Gazebo in the Jungle
 
 

IT WAS pitch black when I woke up at 5:00 AM. Initially I didn’t know what had woken me up. The generator would not have yet kicked in, and it was still night outside.

Then I heard the peel of thunder, and light rain falling on the roof of the tent.

I turned over to go back to sleep. This sounded like a good indoors day. Then I realised this was the day we were going gorilla trekking.

More peels of thunder followed, each sounding closer than the last. I was still in Kilimanjaro mode even though it was now a full week since I had come off the mountain. Here I was thinking to myself I just couldn’t face endless hours of hiking in rain in the most difficult terrain all trip. I had especially saved some energy since coming off the mountain for this trek. Although this walk will be a lot shorter – a few hours, I knew it would take me into some seriously rough terrain. Having seen the terrain over the past two days, I knew this would be as rough as the terrain I did some trekking and track building at the top of the South Island of New Zealand in my latter teenage years. Although the altitude wasn’t going to be an issue here, I knew from experience that battling the rough terrain was going to be the most challenging trek this trip. I was leaving the hardest until last.

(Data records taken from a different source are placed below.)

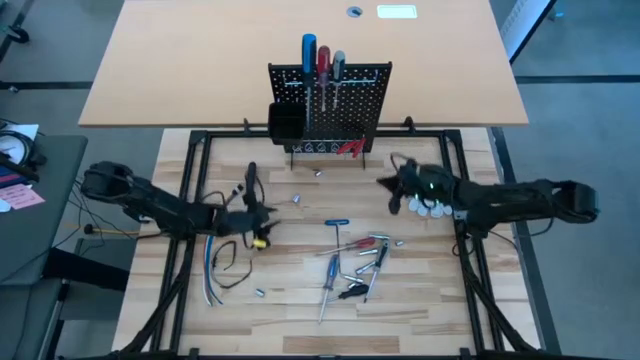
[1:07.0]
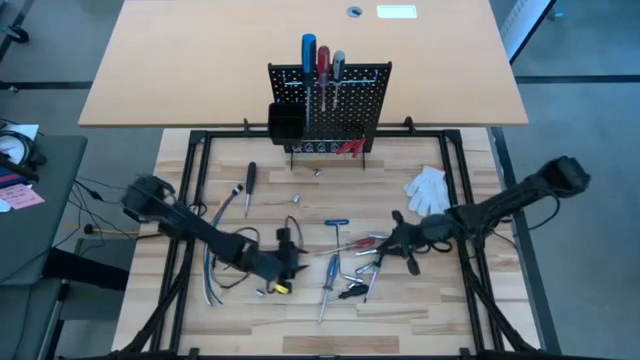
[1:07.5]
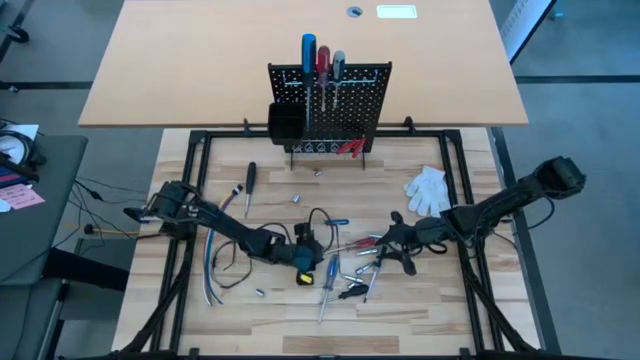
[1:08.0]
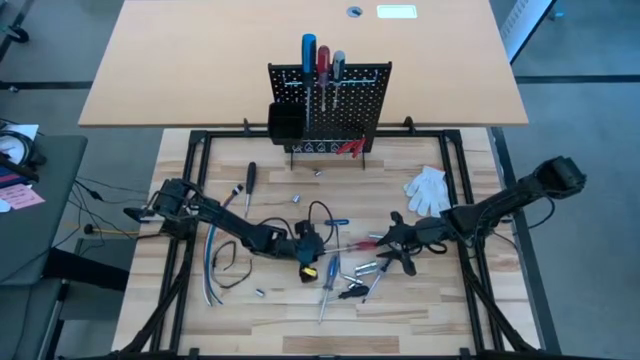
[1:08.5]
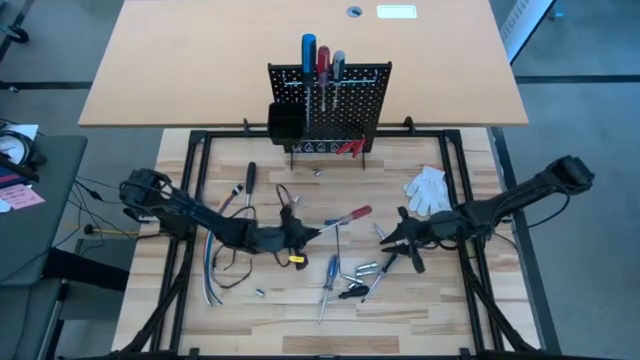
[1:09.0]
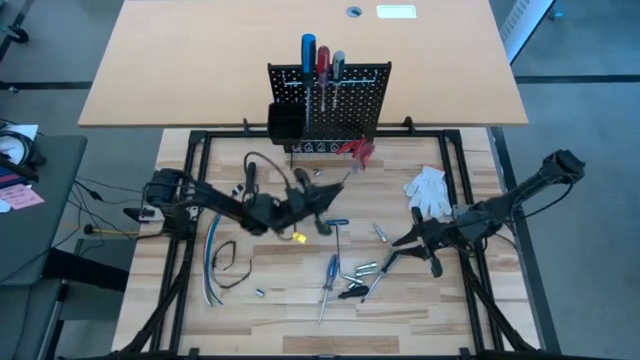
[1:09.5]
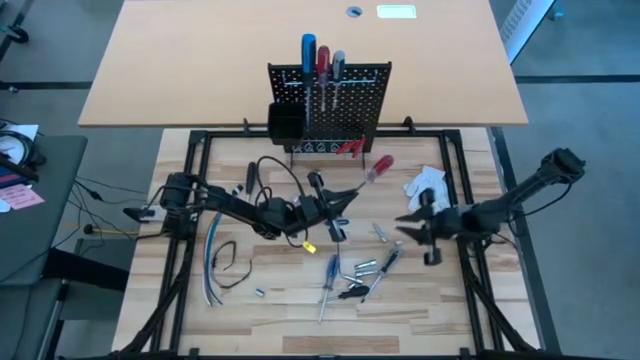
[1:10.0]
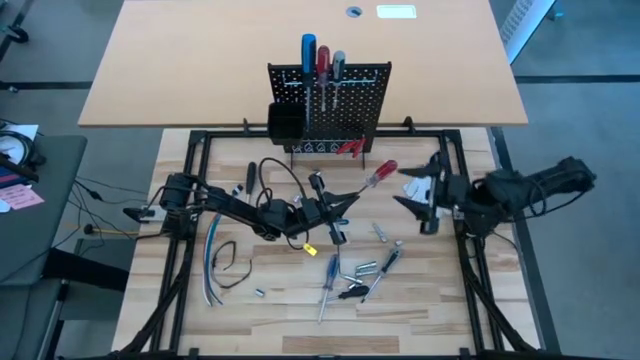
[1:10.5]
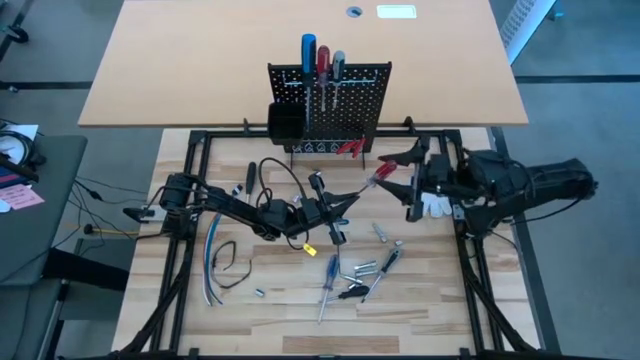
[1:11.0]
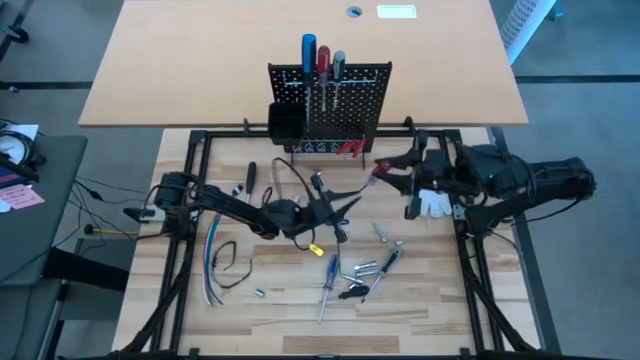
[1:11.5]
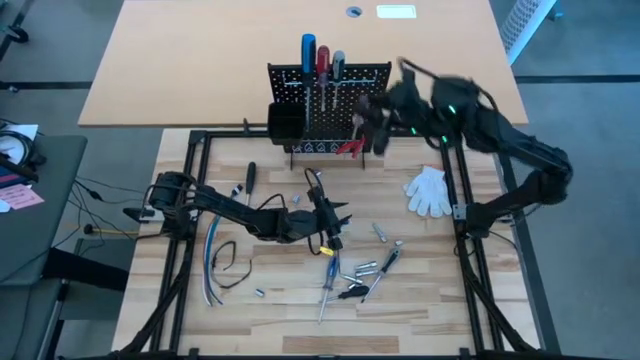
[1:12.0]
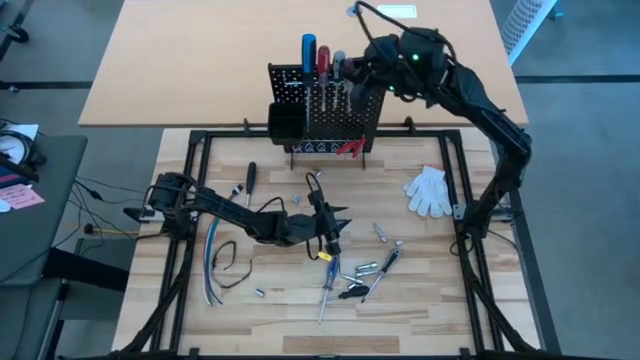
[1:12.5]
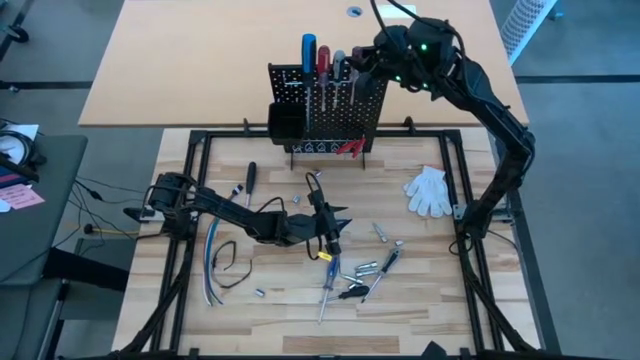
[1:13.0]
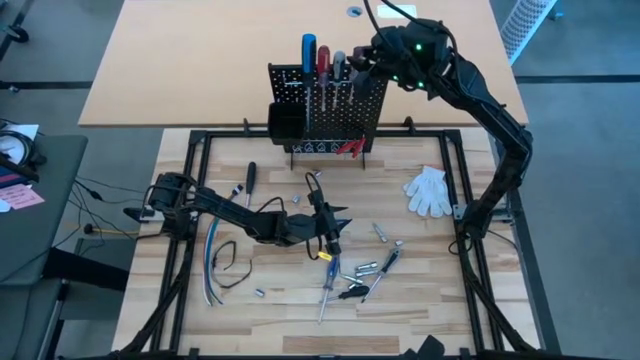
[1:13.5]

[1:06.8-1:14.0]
Task: Hang tools onto peg board
Hang the red screwdriver on the black pegboard

The claps of thunder were getting closer and I could now see flashes of lightning outside. The rain was falling heavier, beating down on the corrugated iron roofing above my tent. This will guarantee a very muddy trek in the steep terrain.

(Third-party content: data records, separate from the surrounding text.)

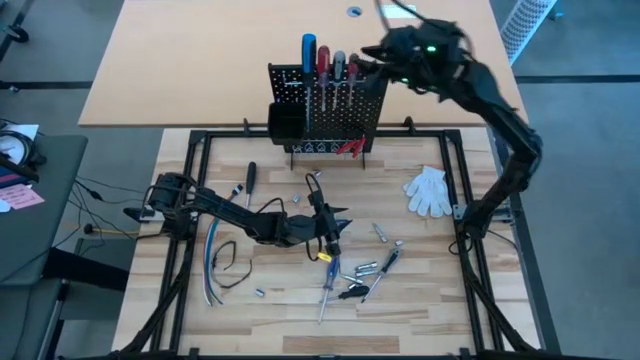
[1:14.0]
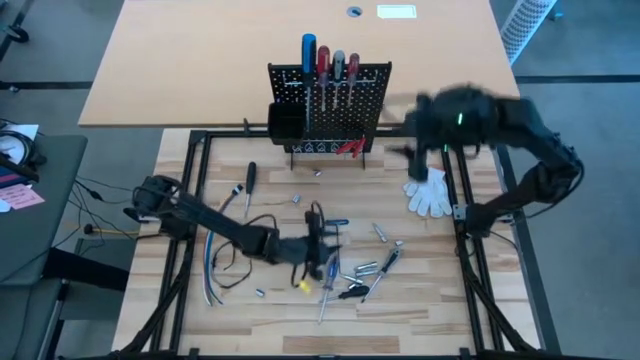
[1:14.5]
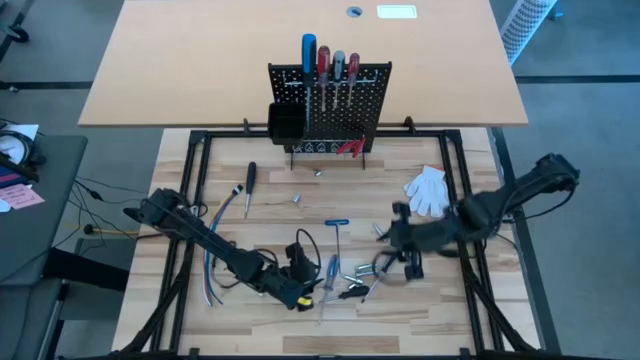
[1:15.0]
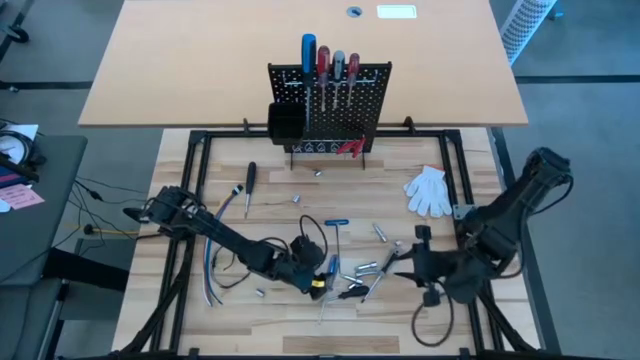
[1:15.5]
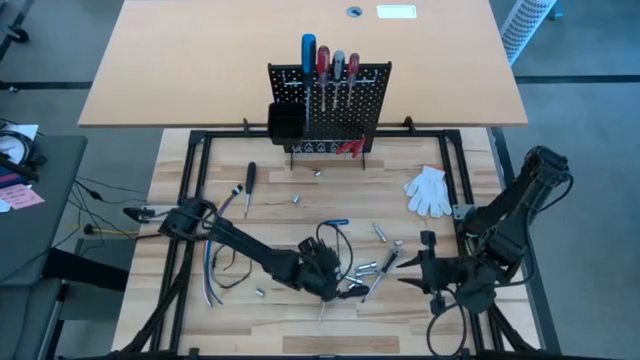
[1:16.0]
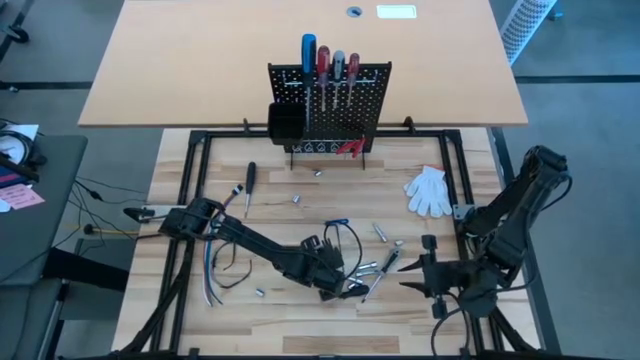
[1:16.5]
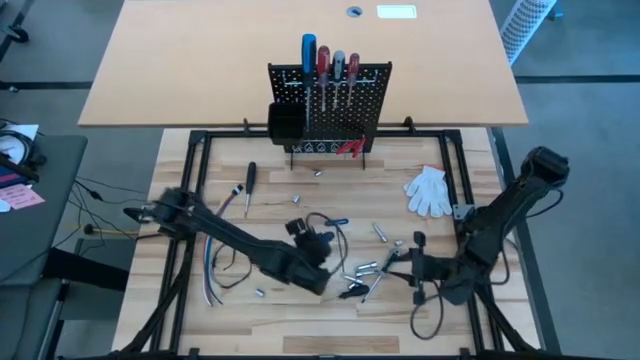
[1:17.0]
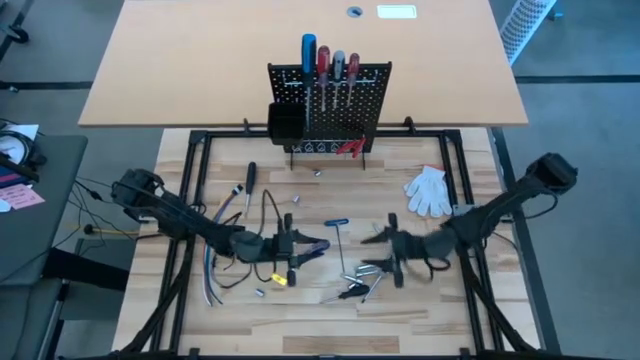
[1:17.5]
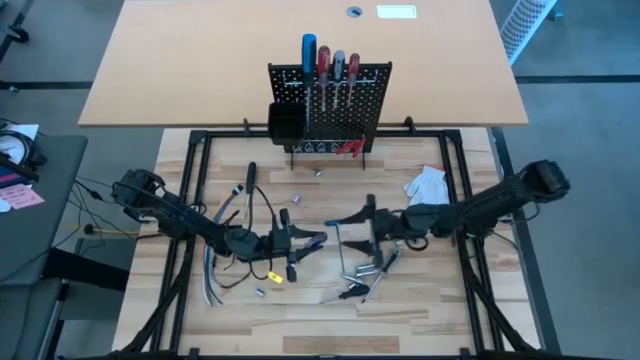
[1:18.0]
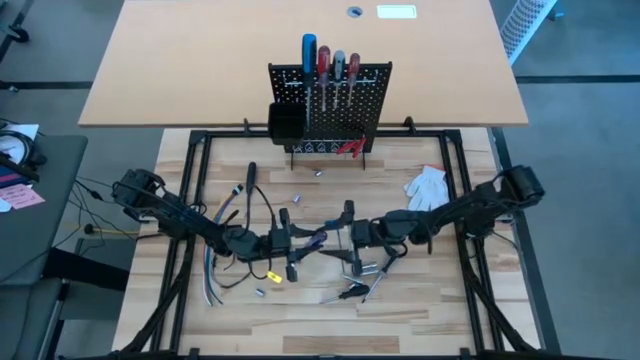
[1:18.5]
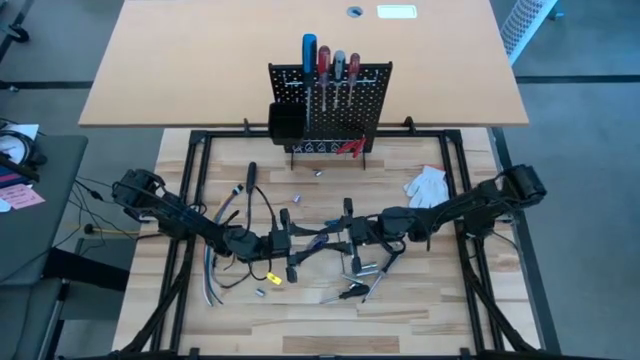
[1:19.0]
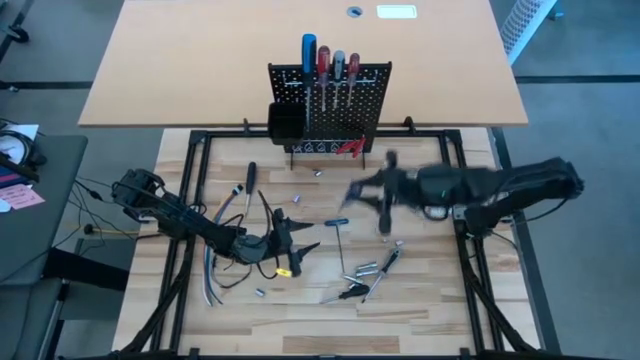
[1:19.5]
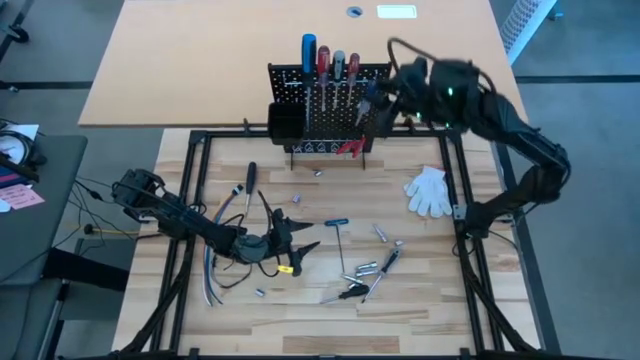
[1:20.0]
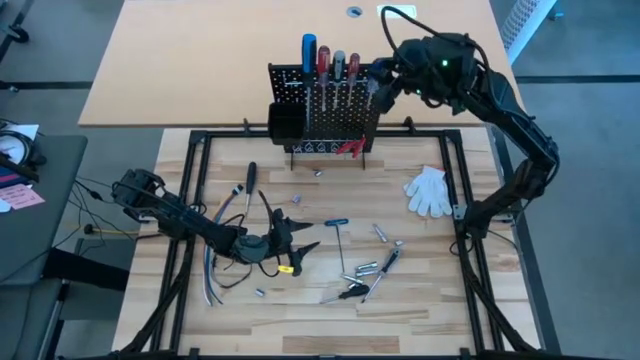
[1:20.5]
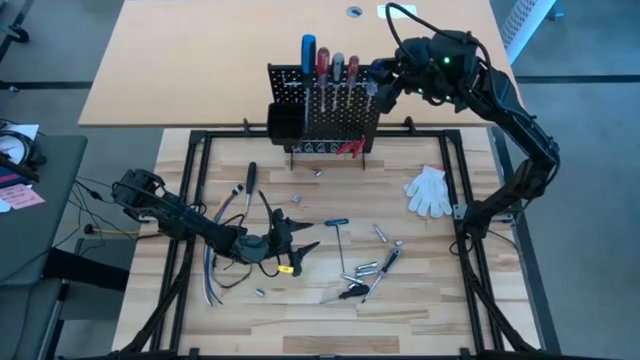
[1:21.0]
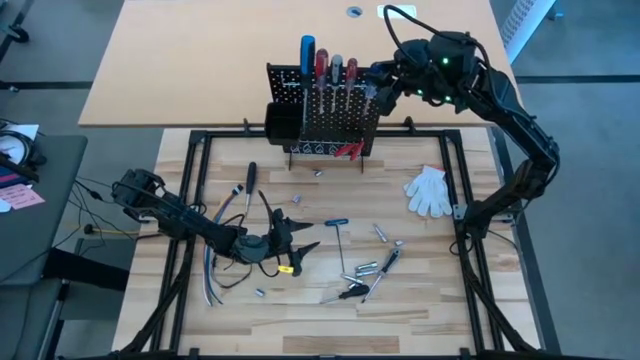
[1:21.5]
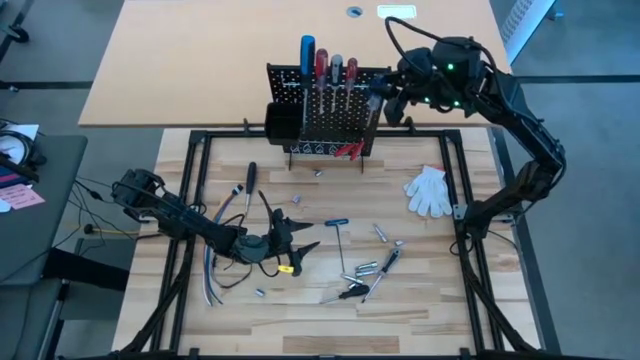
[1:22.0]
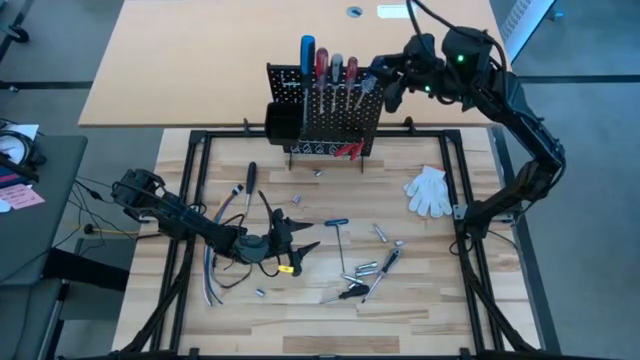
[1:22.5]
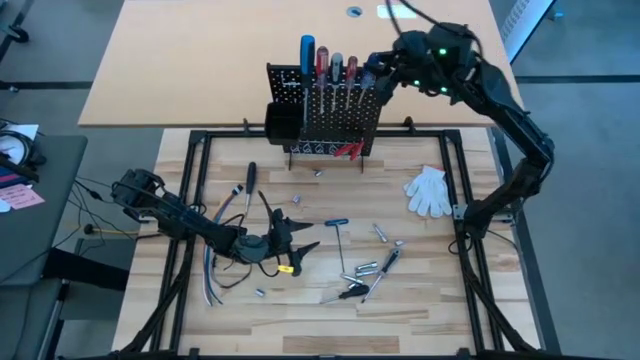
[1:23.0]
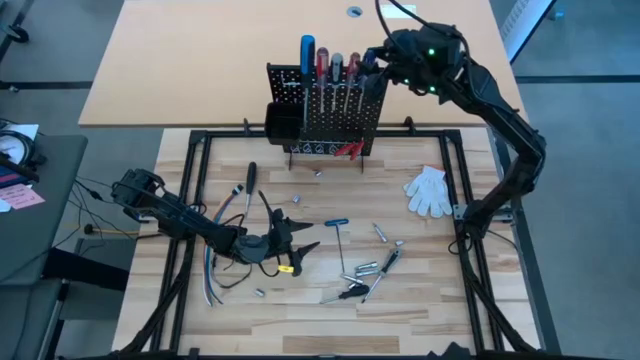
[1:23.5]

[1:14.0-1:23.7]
Hang the blue screwdriver on the black pegboard

The rain continued falling heavily and some of the thunder was now very close, indicating ground strikes. My alarm went off, and out of habit I pressed the snooze button and rolled over again. I may as well get up, but simply didn’t have the motivation to do so. Will it continue raining like this all day, or is this similar to an Australian thunderstorm which only lasts an hour or two before coming out fine again?

The alarm went off again. 6:00. Breakfast was in just half an hour’s time, so I had to get up. I noticed the rain had started easing, but the thunder was still very loud and close. I really wasn’t looking forward to the trek today. Seeing the gorillas in the wild will be the experience of a life time, but that would be clouded by the process of trekking through the mud and rain over very difficult terrain just to get there, then of course we’d have to trek back out again. Trekking out normally meant climbing steeply downhill, the worst thing imaginable in my view.

Breakfast
Breakfast

I was very quiet over breakfast. A couple of us weren’t hungry at all. I ordered scrambled eggs and toast assuming it would be a piece of toast with scrambled eggs on it. They seemed to take a long time in the kitchen this morning, but it was welcome when my scrambled eggs did finally make an appearance. Then Emily came out again with another plate containing two pieces of toast. One was of normal thickness, and the other was huge – about four centimetres thick. I really wasn’t at all hungry, so I put the plate in the middle of the table and said anyone can help themselves to it if they want to.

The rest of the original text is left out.